Quand Rosie Pinhas-Delpuech est née à Istanbul, en 1946, il y avait des choses dont les grandes personnes, autour d’elle, ne voulaient plus parler: le nazisme, la guerre, la Shoah. Et des langues, dans lesquelles s’était exprimée la souffrance des martyrs, que certains préféraient oublier: le yiddish, le polonais, le russe, l’allemand. Hitler et sa horde barbare avaient tout sali, tout perverti: jusqu’au sens des mots, jusqu’aux poèmes et aux chansons à boire. Le cinéaste américain Sam Peckinpah l’a admirablement souligné en faisant de la comptine populaire Hänschen klein le thème principal de son film Croix de Fer (1977) - un tableau sauvage de la folie des hommes en armes.

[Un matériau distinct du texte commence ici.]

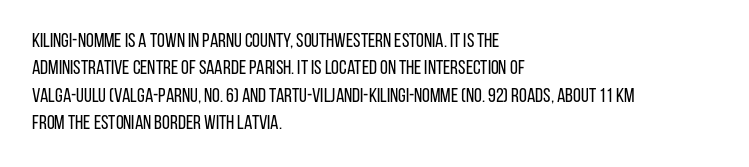
Q: Is the text bold? A: No.
Q: Is the text italic (slanted)? A: No, it is upright.
Q: Is the text underlined? A: No.
Q: How is the paragraph aligned? A: Left-aligned.
Q: Is the spacing between letters normal or unusually wide? A: Normal.
Q: Is the spacing between lines tight, normal or loose? A: Normal.
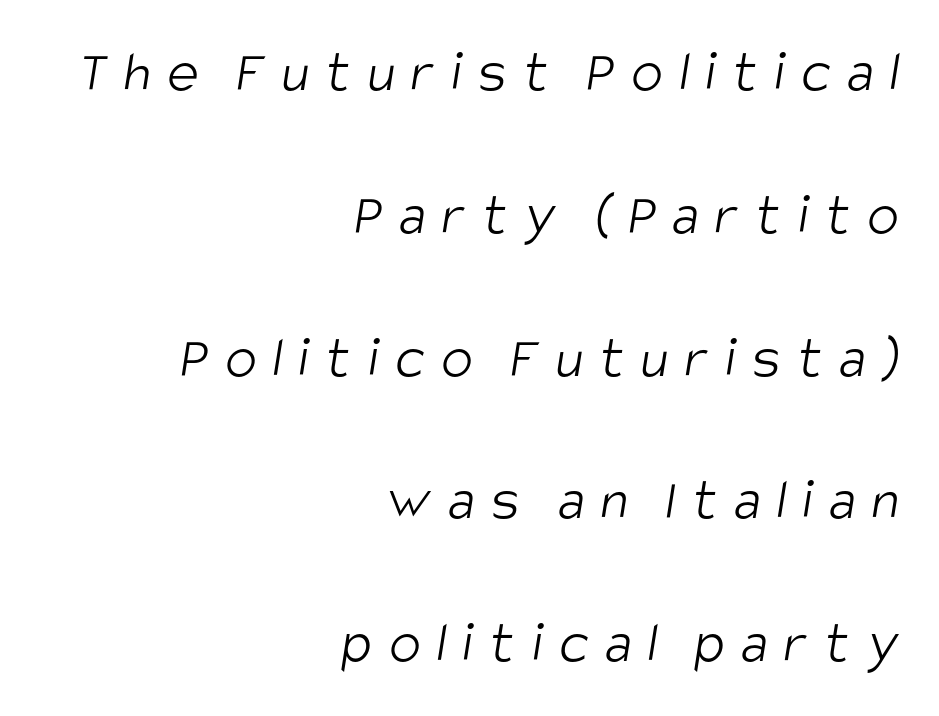
Each word looks stretched out because of the extra space between its letters. The ragged edge is on the left, which tells us the setting is flush right. Character widths vary here, with narrow letters taking less room than wide ones. Clear beneath every line of the passage. The block of text is sparse from top to bottom, with ample space between rows. Bold? No — there's no thickening of the strokes.
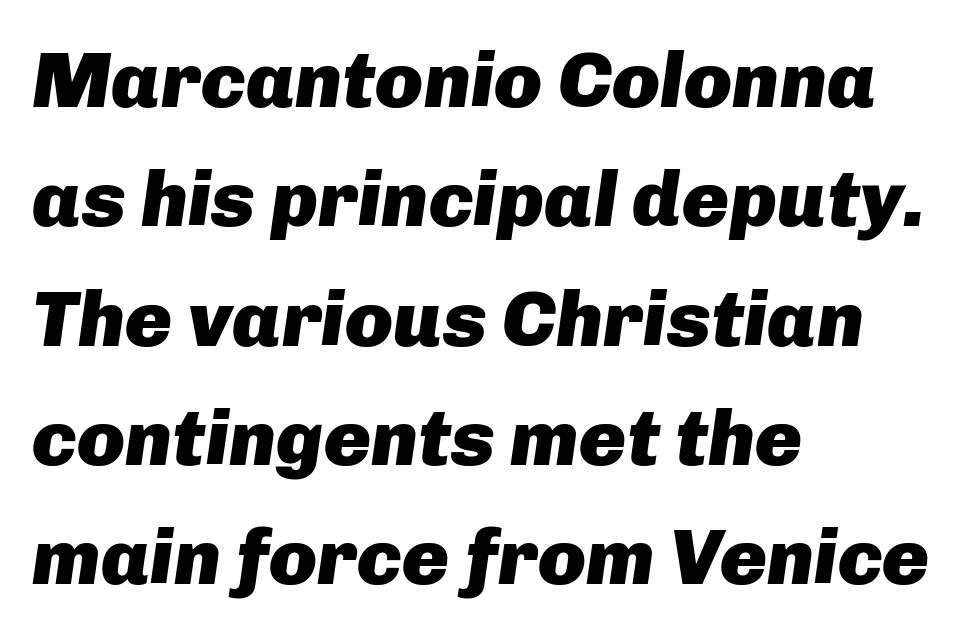
Caption: bold face, heavy strokes. Honestly, the row spacing looks completely unremarkable. Short note: letters normally spaced. Left-aligned paragraph, ragged on the right. The specimen omits any rule beneath the text block's lines.
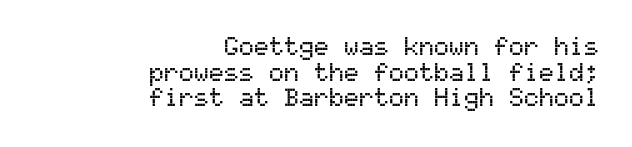
The image shows 25 px text type, upright; set right-aligned, tight line spacing (1.03x), normal letter spacing, not underlined.
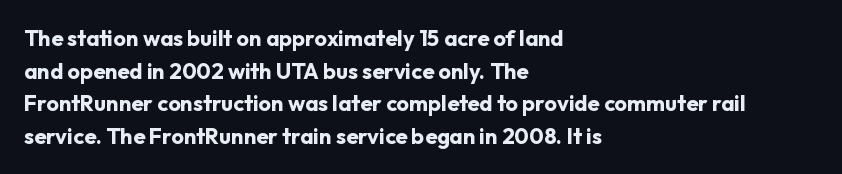
{"italic": "no", "bold": "yes", "underline": "no", "align": "left", "line_spacing": "normal", "line_spacing_ratio": 1.48, "letter_spacing": "normal", "letter_spacing_em": 0.0, "glyph_px": 22}
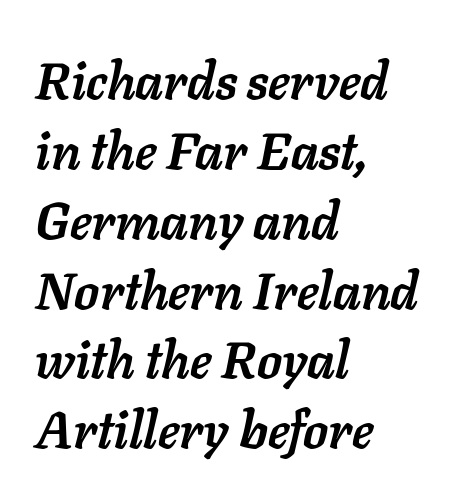
Q: Is the text bold? A: Yes.
Q: Is the text italic (slanted)? A: Yes, it leans right by about 11 degrees.
Q: Is the text underlined? A: No.
Q: How is the paragraph aligned? A: Left-aligned.
Q: Is the spacing between letters normal or unusually wide? A: Normal.
Q: Is the spacing between lines tight, normal or loose? A: Normal.
Q: Width (condensed, normal, or wide)? A: Normal.
Q: Stroke contrast? A: Low.
Q: x-height? A: Medium.
Q: Monospaced? A: No.
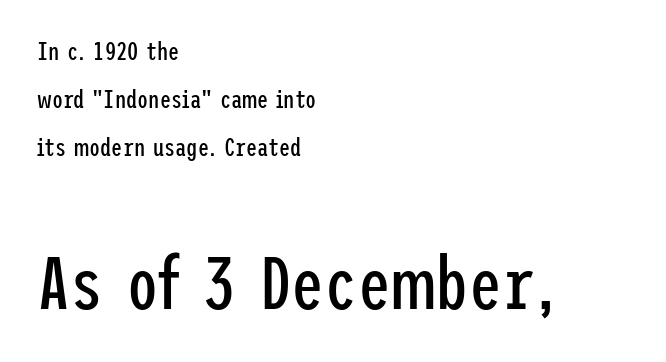
The image shows 74 px regular-weight, condensed sans-serif type, upright; set left-aligned, loose line spacing (1.93x), normal letter spacing, not underlined; the second (bottom) block is 2.96x larger; low stroke contrast and a medium x-height.
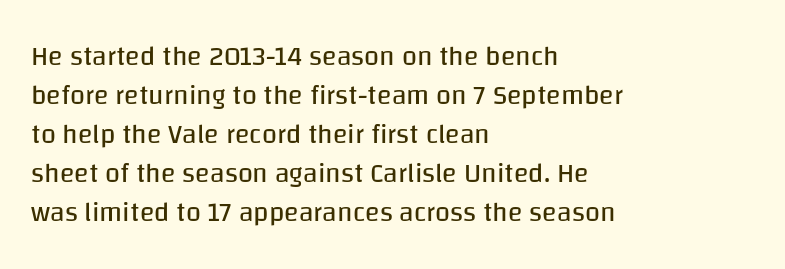
{"italic": "no", "bold": "no", "underline": "no", "align": "left", "line_spacing": "normal", "line_spacing_ratio": 1.44, "letter_spacing": "normal", "letter_spacing_em": 0.0, "glyph_px": 27}
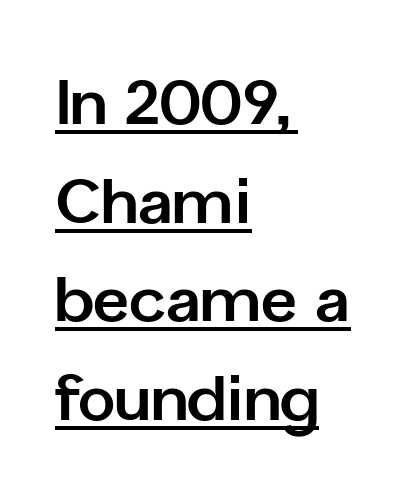
Visually the block forms a straight wall on the left and a jagged coastline on the right. There is no visible air inserted between adjacent glyphs. Spacing verdict: proportional, widths tailored to each character. If you measured baseline to baseline, you'd find a middling distance.
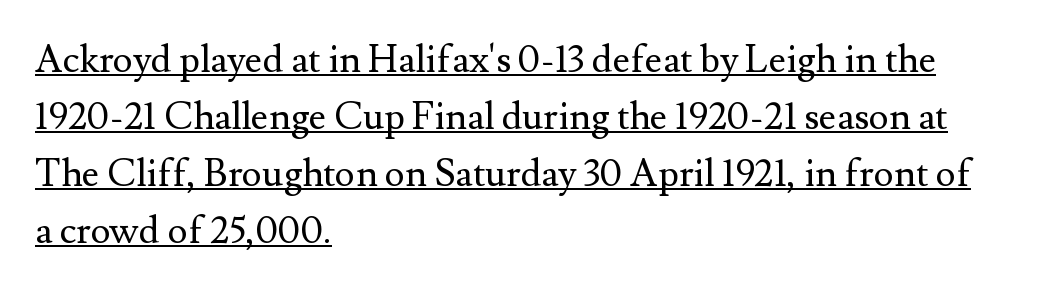
Q: Is the text bold? A: No.
Q: Is the text italic (slanted)? A: No, it is upright.
Q: Is the typeface a serif or a sans-serif typeface? A: Serif.
Q: Is the text underlined? A: Yes.
Q: How is the paragraph aligned? A: Left-aligned.
Q: Is the spacing between letters normal or unusually wide? A: Normal.
Q: Is the spacing between lines tight, normal or loose? A: Normal.
Q: Width (condensed, normal, or wide)? A: Normal.
Q: Stroke contrast? A: Medium.
Q: x-height? A: Small.
Q: Monospaced? A: No.
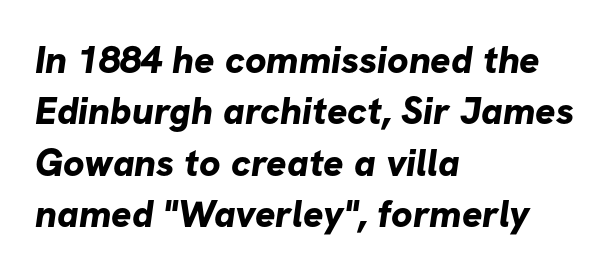
The image shows 38 px bold sans-serif type; set left-aligned, normal line spacing (1.35x), normal letter spacing, not underlined; low stroke contrast and a medium x-height.

Longtemps, Rosie Pinhas-Delpuech a été scandalisée d’entendre sa mère Greta fredonner en allemand d’innocentes mélodies. Les seuls mots «soldaten» et «marschiren» faisaient défiler dans sa tête des images de wagons de la mort. Il lui a fallu beaucoup de temps pour comprendre - pour entendre même - cette fidélité enfantine…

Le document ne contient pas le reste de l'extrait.